#### [AIM OF THE EXERCISE]
Please reproduce the entries below exactly as they stand, but leave the pictures out.

#### [SOURCE INFORMATION]
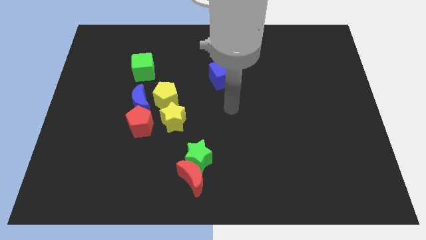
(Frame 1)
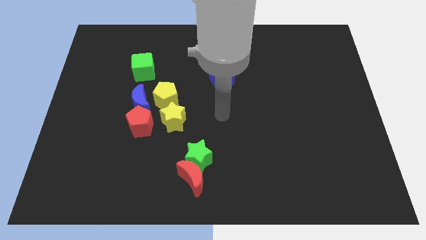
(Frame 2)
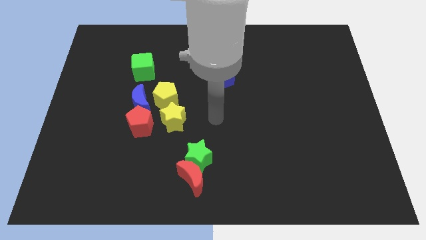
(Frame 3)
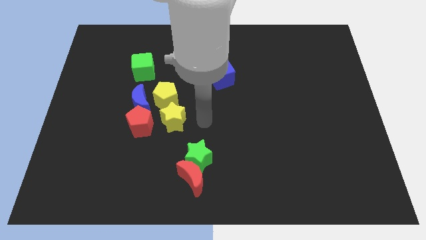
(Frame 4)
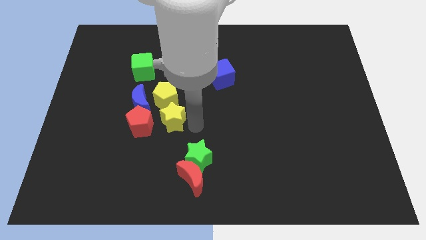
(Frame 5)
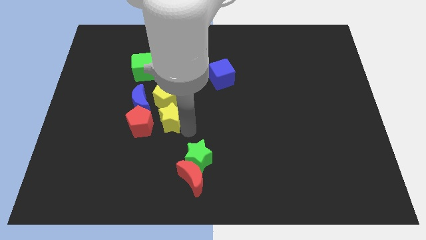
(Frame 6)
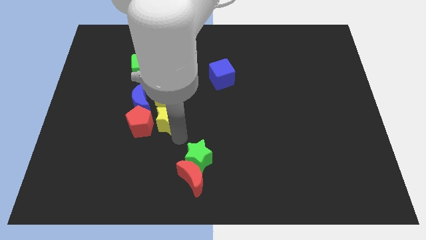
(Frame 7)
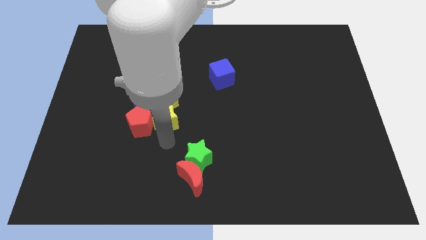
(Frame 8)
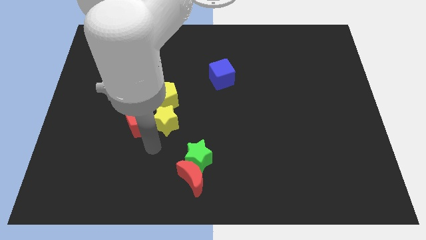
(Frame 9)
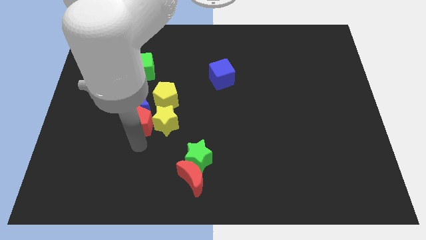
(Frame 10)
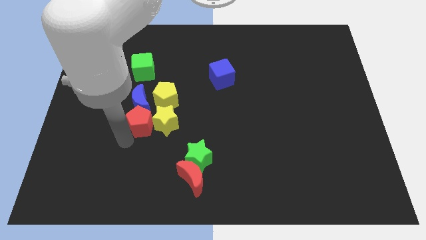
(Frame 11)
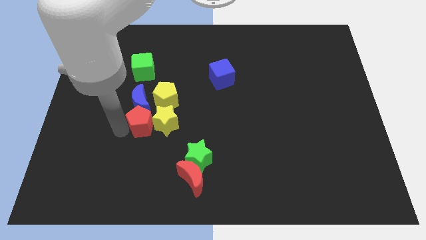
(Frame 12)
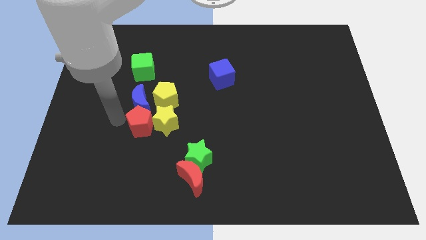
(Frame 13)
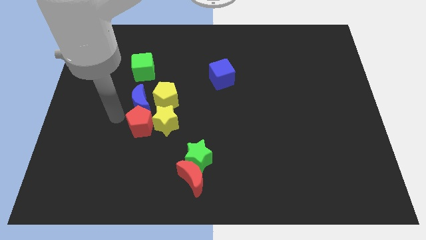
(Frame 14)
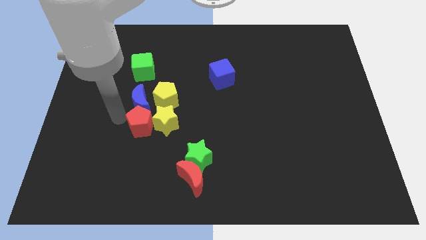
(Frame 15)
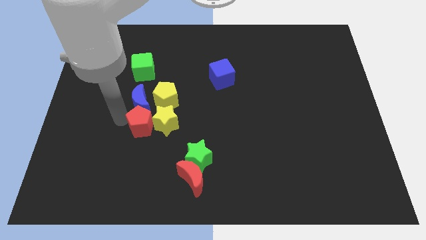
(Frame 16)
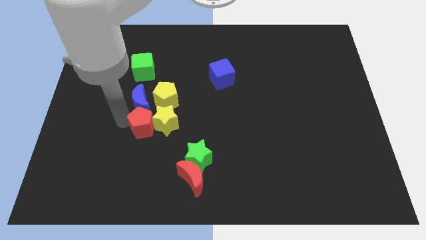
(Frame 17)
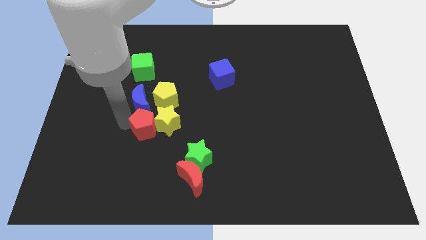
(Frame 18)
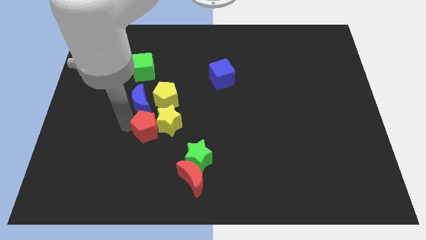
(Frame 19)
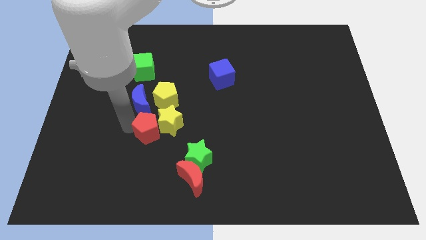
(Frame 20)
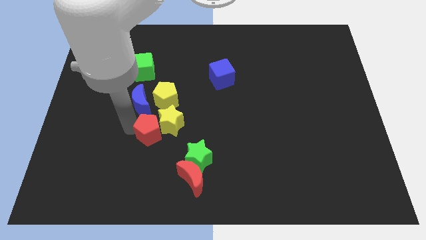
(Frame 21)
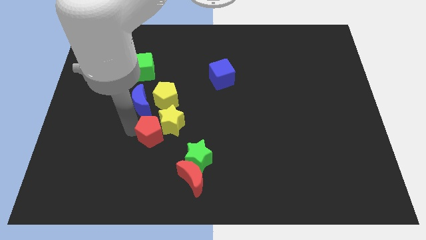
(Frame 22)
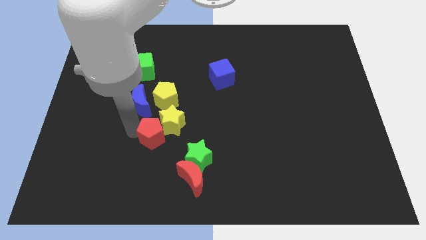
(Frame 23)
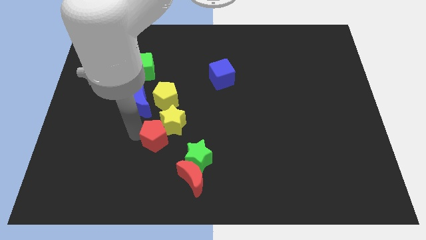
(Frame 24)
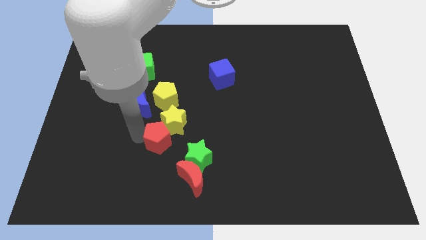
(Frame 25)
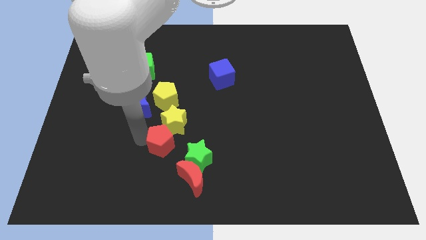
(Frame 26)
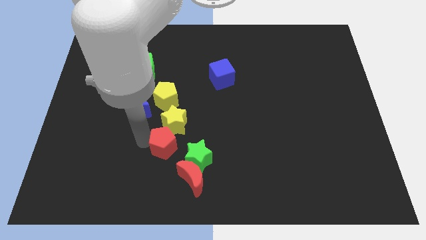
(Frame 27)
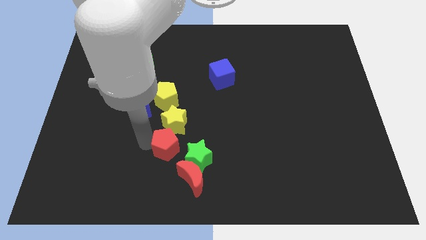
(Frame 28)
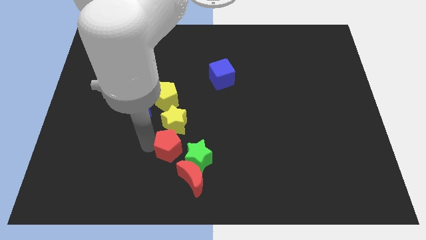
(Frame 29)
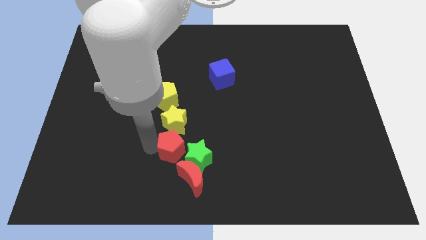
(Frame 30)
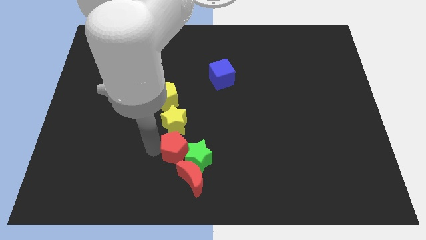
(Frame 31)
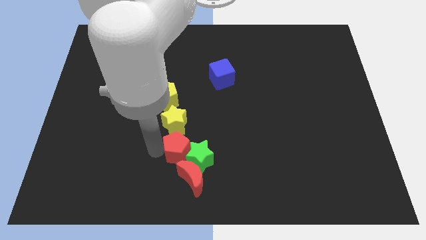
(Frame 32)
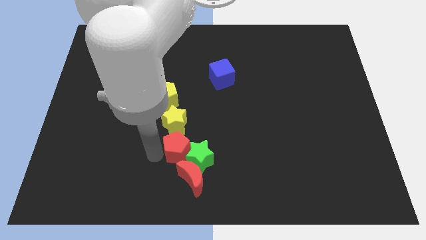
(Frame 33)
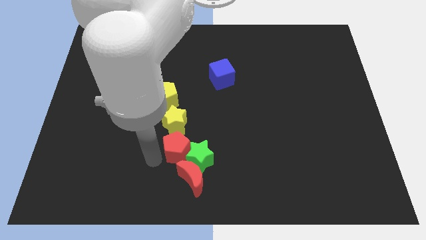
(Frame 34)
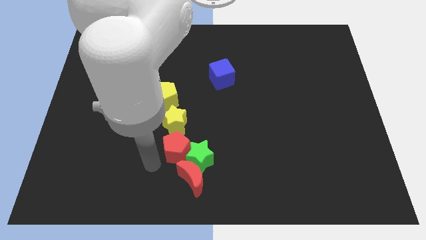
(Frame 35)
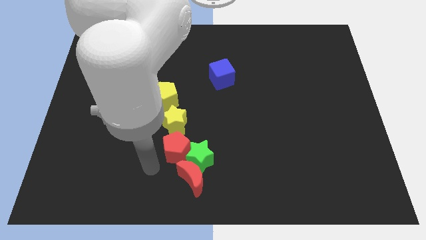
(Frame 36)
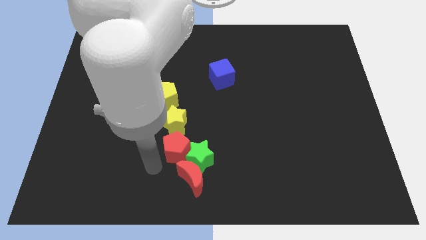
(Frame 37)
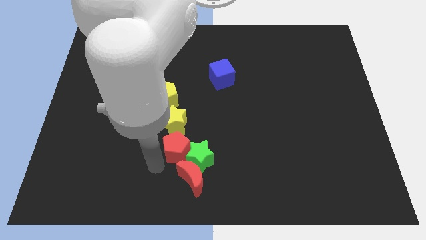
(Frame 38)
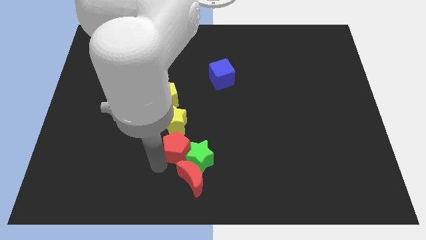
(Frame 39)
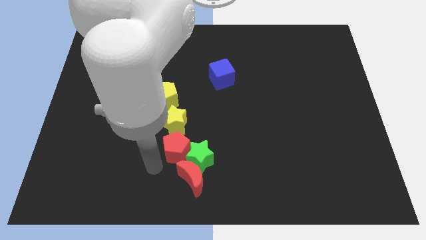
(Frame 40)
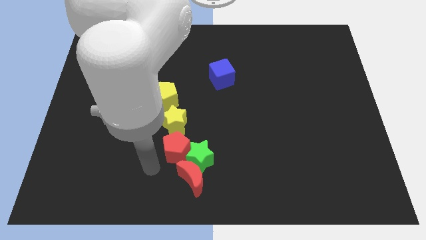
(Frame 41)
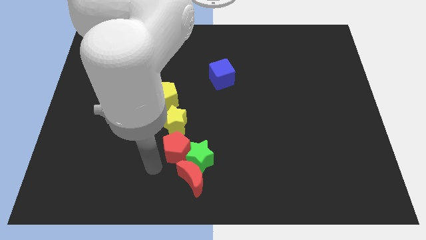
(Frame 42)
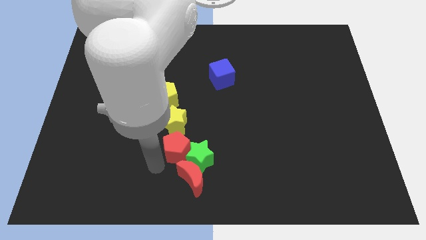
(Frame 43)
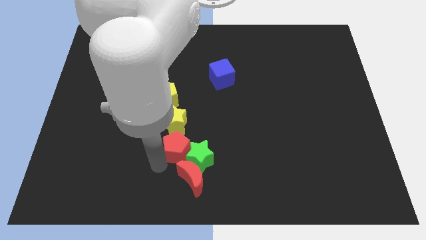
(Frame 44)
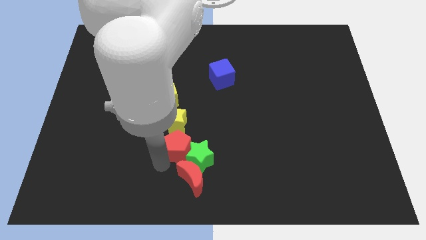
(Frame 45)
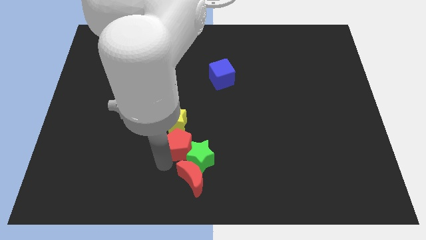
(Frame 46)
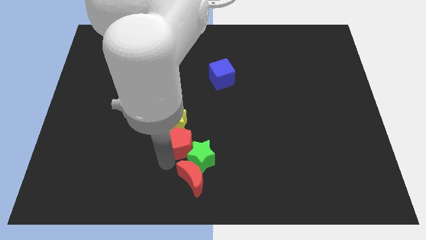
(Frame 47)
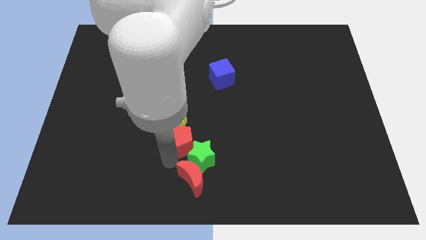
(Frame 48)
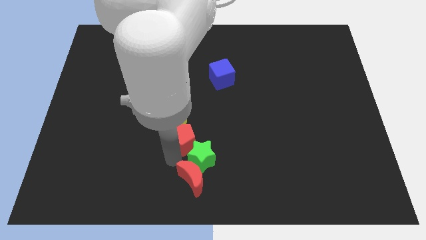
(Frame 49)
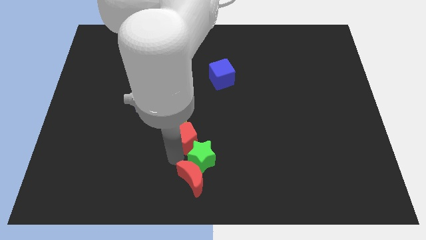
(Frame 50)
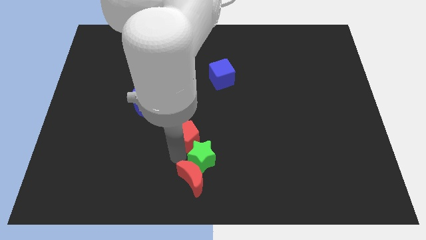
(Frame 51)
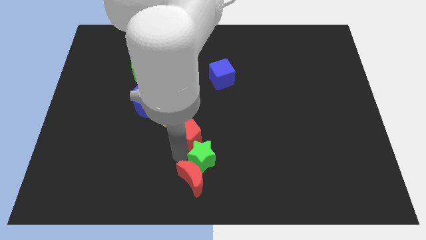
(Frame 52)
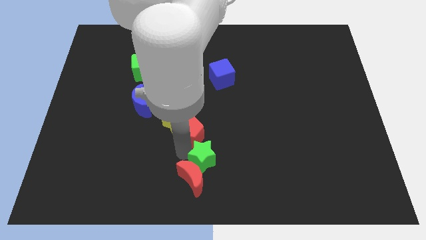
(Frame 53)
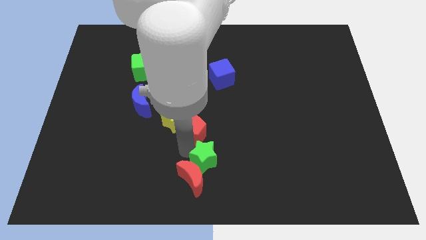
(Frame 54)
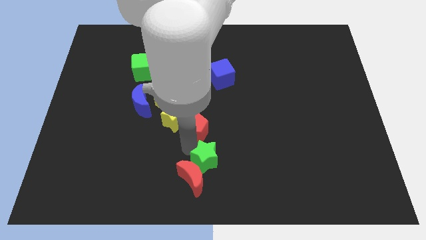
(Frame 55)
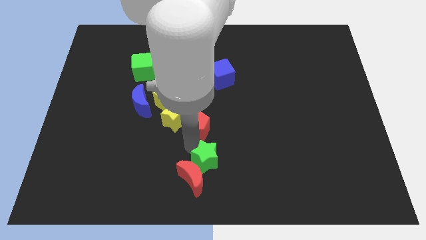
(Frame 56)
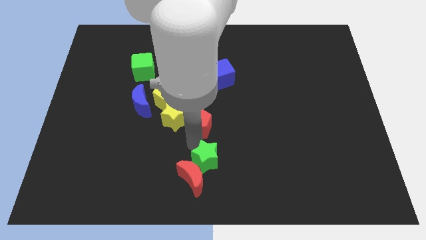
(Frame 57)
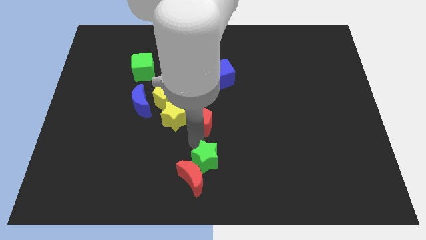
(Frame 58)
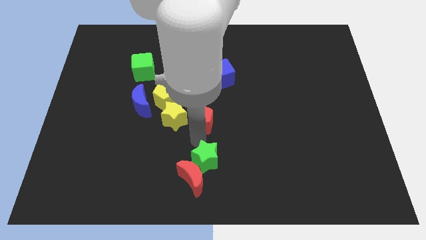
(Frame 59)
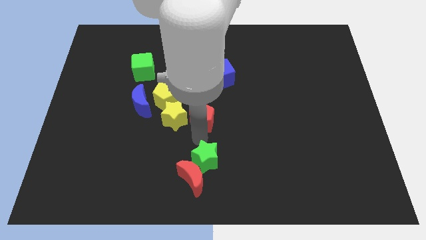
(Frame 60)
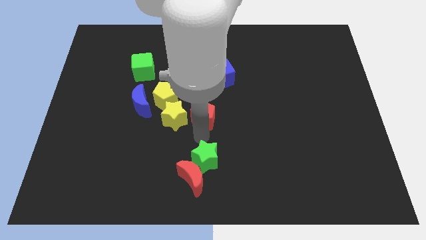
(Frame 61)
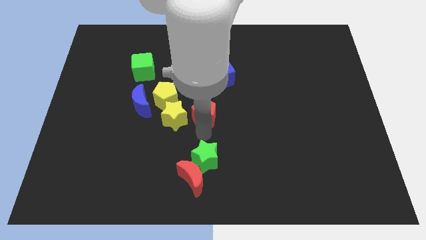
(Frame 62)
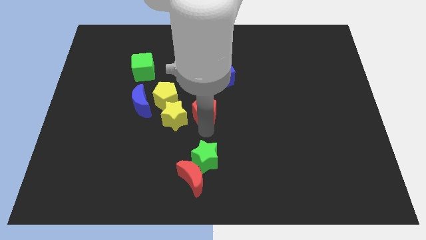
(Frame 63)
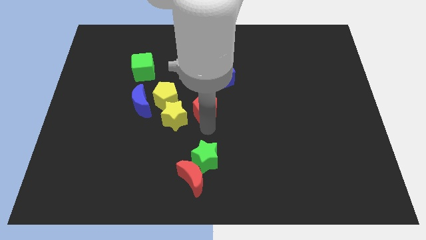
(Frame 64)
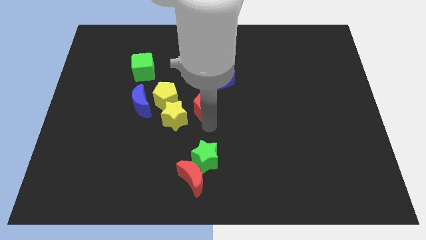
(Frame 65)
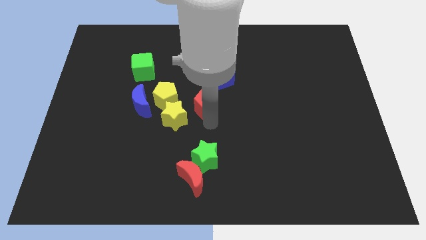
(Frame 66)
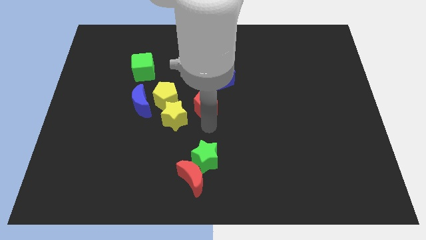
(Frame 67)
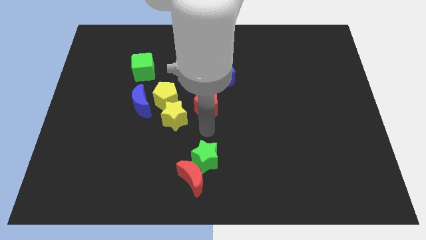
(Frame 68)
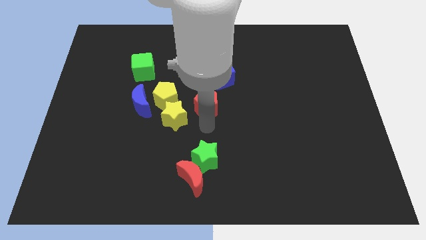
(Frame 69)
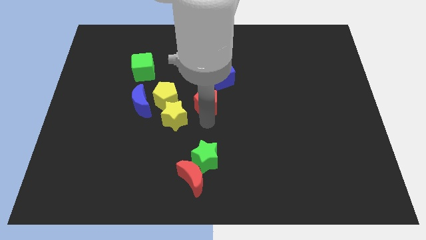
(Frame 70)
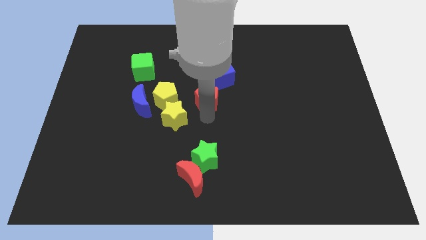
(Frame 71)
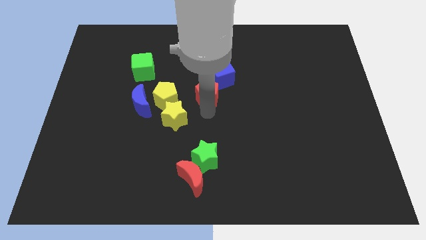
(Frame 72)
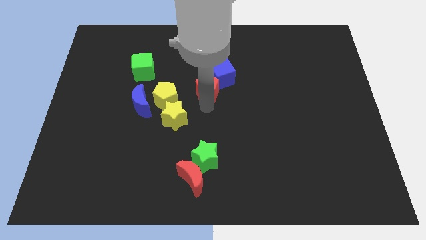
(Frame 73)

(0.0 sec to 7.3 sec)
slide the red pentagon to the blue cube

#### [RESULT BELOW]
(Frame 1)
(Frame 2)
(Frame 3)
(Frame 4)
(Frame 5)
(Frame 6)
(Frame 7)
(Frame 8)
(Frame 9)
(Frame 10)
(Frame 11)
(Frame 12)
(Frame 13)
(Frame 14)
(Frame 15)
(Frame 16)
(Frame 17)
(Frame 18)
(Frame 19)
(Frame 20)
(Frame 21)
(Frame 22)
(Frame 23)
(Frame 24)
(Frame 25)
(Frame 26)
(Frame 27)
(Frame 28)
(Frame 29)
(Frame 30)
(Frame 31)
(Frame 32)
(Frame 33)
(Frame 34)
(Frame 35)
(Frame 36)
(Frame 37)
(Frame 38)
(Frame 39)
(Frame 40)
(Frame 41)
(Frame 42)
(Frame 43)
(Frame 44)
(Frame 45)
(Frame 46)
(Frame 47)
(Frame 48)
(Frame 49)
(Frame 50)
(Frame 51)
(Frame 52)
(Frame 53)
(Frame 54)
(Frame 55)
(Frame 56)
(Frame 57)
(Frame 58)
(Frame 59)
(Frame 60)
(Frame 61)
(Frame 62)
(Frame 63)
(Frame 64)
(Frame 65)
(Frame 66)
(Frame 67)
(Frame 68)
(Frame 69)
(Frame 70)
(Frame 71)
(Frame 72)
(Frame 73)

(0.0 sec to 7.3 sec)
slide the red pentagon to the blue cube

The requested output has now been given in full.